Pemprov DKI upayakan kerja sama dengan Tangerang Selatan dan Bekasi untuk mengendalikan polusi udara di ibukota.

Pagi-pagi sekali, Cepi (51), warga Kampung Muka, Kelurahan Ancol, Kecamatan Pademangan, Jakarta Utara membawa dua sepeda ontel sewaannya ke kawasan Kota Tua, Kecamatan Tamansari, Jakarta Barat. 

Sesampainya di Kota Tua, Cepi duduk berteduh di bawah pohon memandangi orang-orang yang lalu lalang, matanya sesekali mengikuti arah asap rokok yang dihembuskannya.

Ia tidak sendiri. Beberapa orang lainnya yang juga menyediakan penyewaan  sepeda di sana melakukan hal yang sama. Sejenak, lalu lalang orang berubah menjadi kendaraan yang silih lewat. Sesaat kemudian, pandangan Cepi  teralihkan dari asap rokok ke asap kendaraan yang baru saja lewat.

“Katanya sudah ada Low Emission Zone (LEZ) di sini, tapi tidak berpengaruh. Kendaraan masih bandel,” Cepi yang juga ketua paguyuban sepeda ontel di Kota Tua mengatakan kepada Republika.co.id, beberapa waktu lalu.

Lahir dan besar di perbatasan Jakarta Barat dan Jakarta Utara ini, Cepi mengakui bahwa  kondisi Kota Tua dan sekitarnya tak banyak berubah. 

Aturan LEZ di lokasi tersebut tidak membatasi lalu lintas kendaraan maupun polusi yang ditimbulkannya. “LEZ dan revitalisasi Kota Tua memang bagus. Tapi kalau soal polusi, sepertinya tidak ada perubahan sama sekali,” ujarnya.

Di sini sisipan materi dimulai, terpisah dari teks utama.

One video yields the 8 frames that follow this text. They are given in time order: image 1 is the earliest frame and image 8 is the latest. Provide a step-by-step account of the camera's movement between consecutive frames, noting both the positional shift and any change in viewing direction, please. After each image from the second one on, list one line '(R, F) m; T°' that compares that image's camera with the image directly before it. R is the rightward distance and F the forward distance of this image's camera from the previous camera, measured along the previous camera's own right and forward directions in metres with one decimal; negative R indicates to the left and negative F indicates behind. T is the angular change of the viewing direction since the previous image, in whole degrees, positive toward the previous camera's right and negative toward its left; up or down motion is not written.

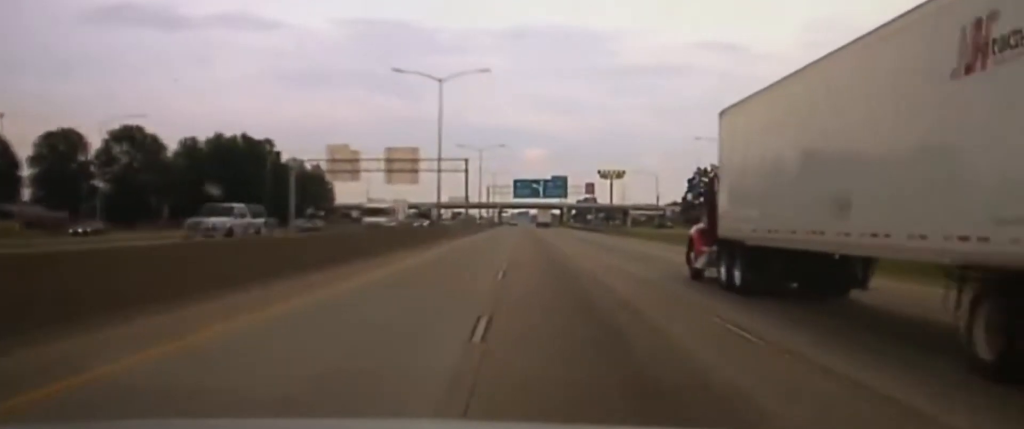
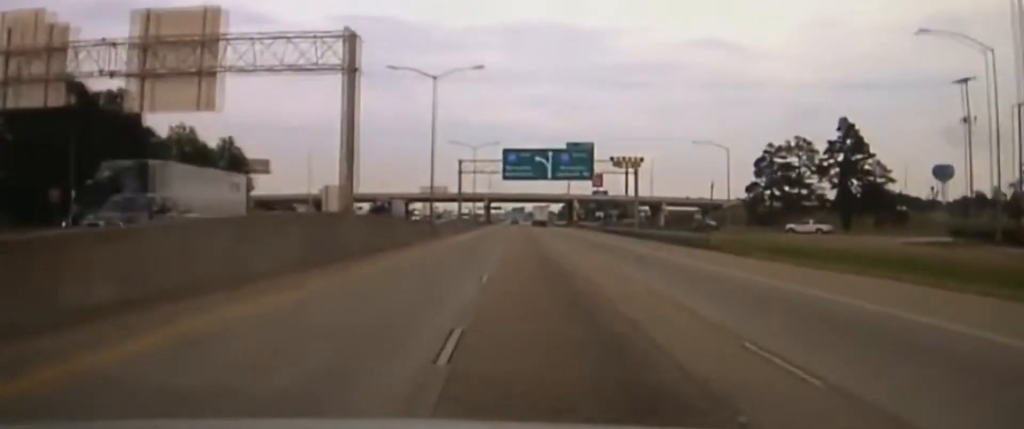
(+0.1, +75.3) m; +1°
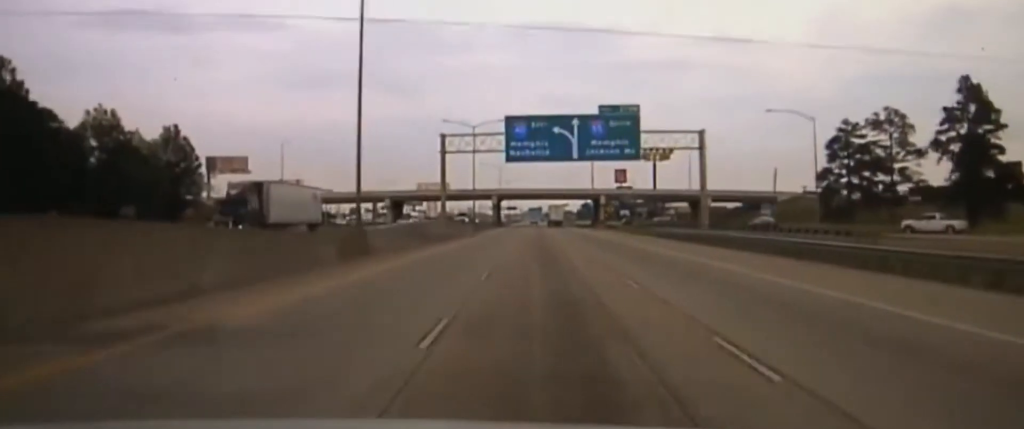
(+0.4, +34.2) m; 0°
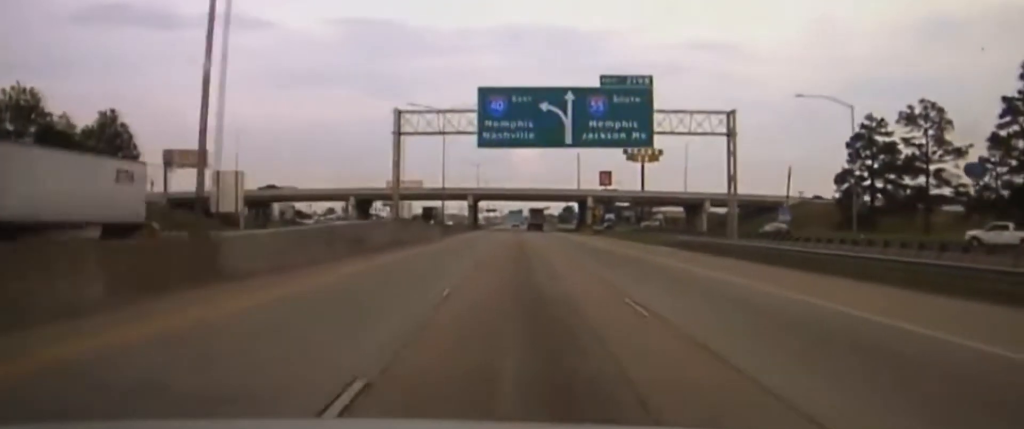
(0.0, +17.6) m; 0°
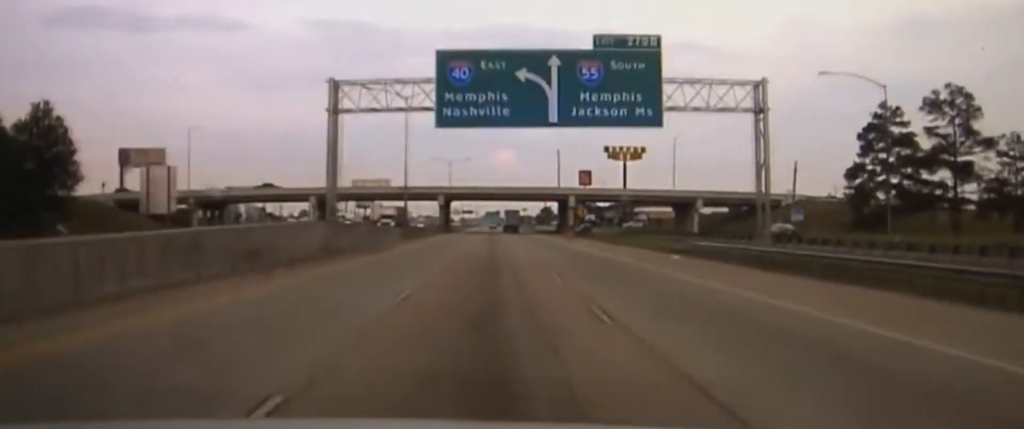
(0.0, +14.2) m; 0°
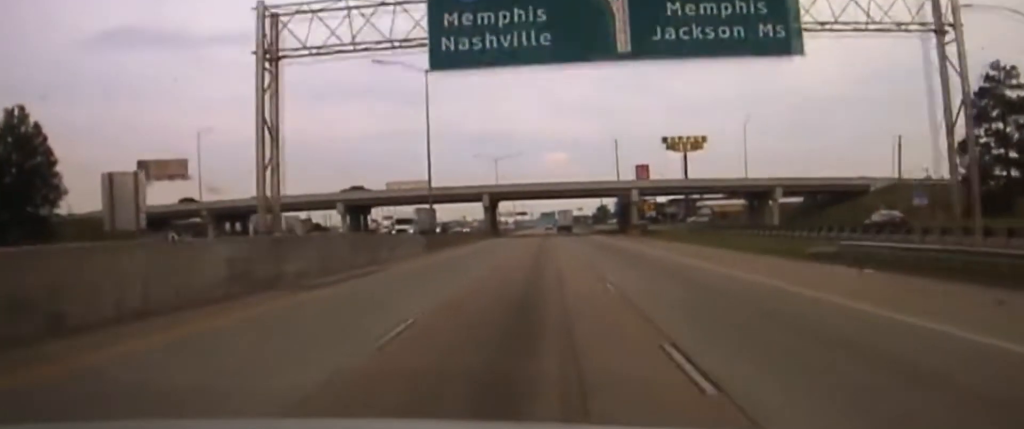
(-0.1, +17.9) m; 0°
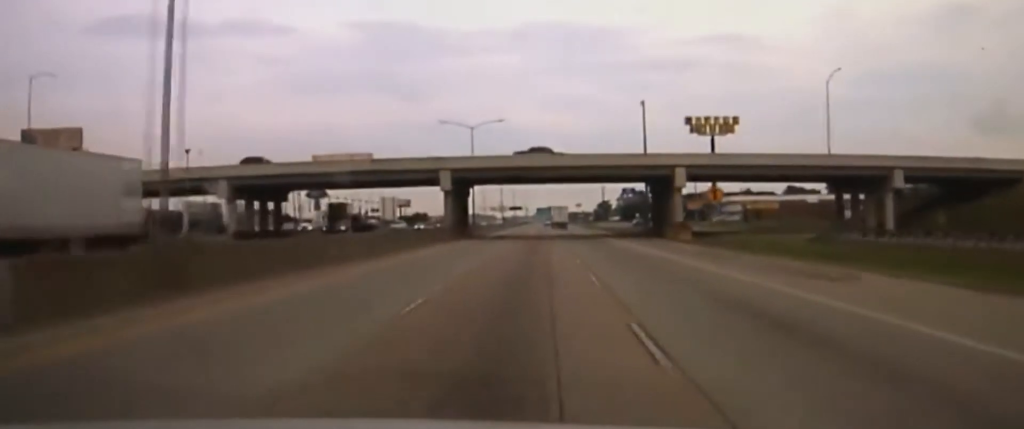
(-0.1, +44.3) m; 0°
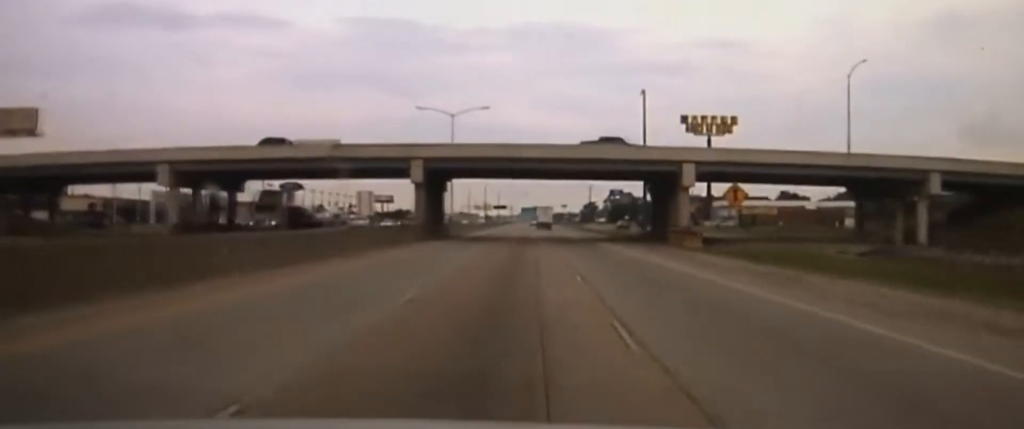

Di daerah lainnya di Jakarta Selatan, Susi (39) seorang warga Tebet Barat, mengeluhkan kemacetan lalu lintas dan polusi yang ditimbulkannya.

Meski ada LEZ diberlakukan di kawasan Tebet Eco Park, ia hanya untuk akhir pekan saja dan pada hari biasa, kendaraan lewat seperti biasa. “Jadi ya, area hijaunya tidak merata dibanding kendaraan yang lewat. Aman mungkin di akhir pekan. Tapi selebihnya sama,” kata Susi.

Pemerintah Provinsi (Pemprov) DKI Jakarta sejauh memang baru menerapkan LEZ di kedua kawasan tersebut. 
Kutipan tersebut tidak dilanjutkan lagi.